AERO: Entropy-Guided Framework for Private LLM Inference
Nandan Kumar Jha, Brandon Reagen
TL;DR
AERO addresses the challenge of private LLM inference by reducing costly nonlinearities through an entropy-guided framework. It combines an inference-time LayerNorm substitute with an adaptive, per-head entropy regularizer that uses learnable thresholds and a tolerance margin to prevent entropic overload while preserving head diversity. Empirical results show substantial communication and latency savings (≈3.4× and 1.4×, respectively) with no degradation in perplexity, and improvements up to 6–8% in the most constrained Softmax-only settings. This approach provides practical gains for privacy-preserving inference and offers a principled design path for scalable, normalization-free LLM architectures.
Abstract
Privacy-preserving computation enables language model inference directly on encrypted data yet suffers from prohibitive latency and communication overheads, primarily due to nonlinear functions. Removing nonlinearities, however, can trigger one of two failure modes restricting the potential for nonlinearity removal: entropy collapse in deeper layers, which destabilizes training, and entropic overload in early layers, causing under-utilization of attention heads.
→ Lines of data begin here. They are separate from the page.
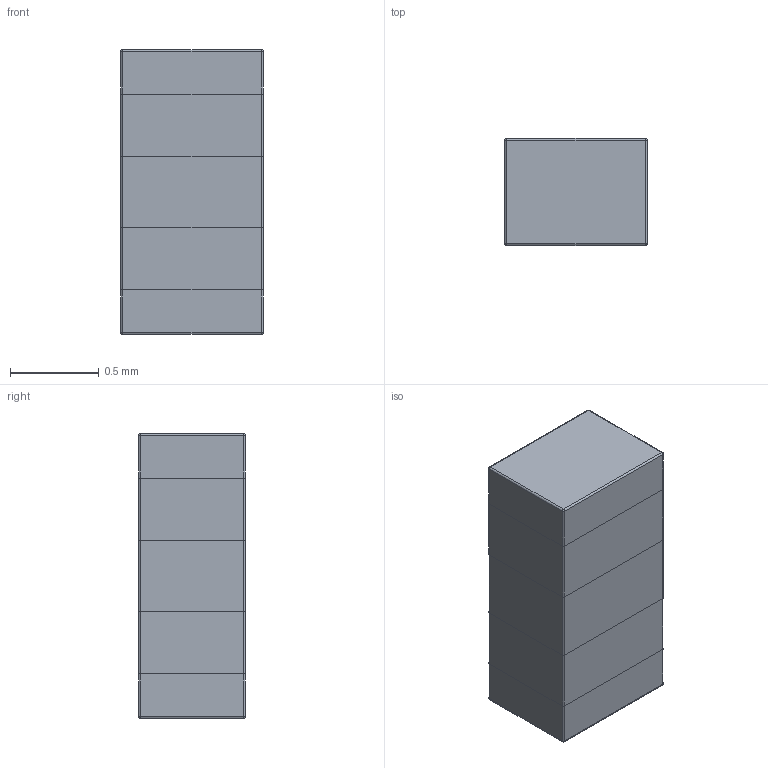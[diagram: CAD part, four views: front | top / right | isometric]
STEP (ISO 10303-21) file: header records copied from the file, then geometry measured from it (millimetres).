
FILE_DESCRIPTION (( 'STEP AP214' ), '1' );
FILE_NAME ('YFF18PC1C104M.STEP', '2022-08-08T09:09:51', ( '' ), ( '' ), 'SwSTEP 2.0', 'SolidWorks 2018', '' );
FILE_SCHEMA (( 'AUTOMOTIVE_DESIGN' ));
Length unit declared in the file: millimetre
Products named in the file (1): YFF18PC1C104M
Bounding box: 0.8 x 0.6 x 1.6 mm (x, y, z)
Volume: 0.8 mm3; surface area: 9.2 mm2
Topology: 4 solids, 4 shells, 80 faces, 200 edges, 120 vertices
Faces by surface type: plane 44, cylinder 28, sphere 8
Entity records: 3241 total; most frequent: DIRECTION 410, CARTESIAN_POINT 393, ORIENTED_EDGE 384, EDGE_CURVE 192, AXIS2_PLACEMENT_3D 137, LINE 136, VECTOR 136, VERTEX_POINT 120

To address these challenges, we introduce AERO, an entropy-guided framework to strategically eliminates costly nonlinear operations from transformer architectures, which employs an adaptive recalibration through a head-wise entropy regularizer with learnable per-head strengths, enabling each head to adjust its entropy level while penalizing extreme entropies and fostering functional diversity through a tolerance margin. Experiments show AERO can save 3.4$\times$ communication and 1.4$\times$ latency, without any performance penalty.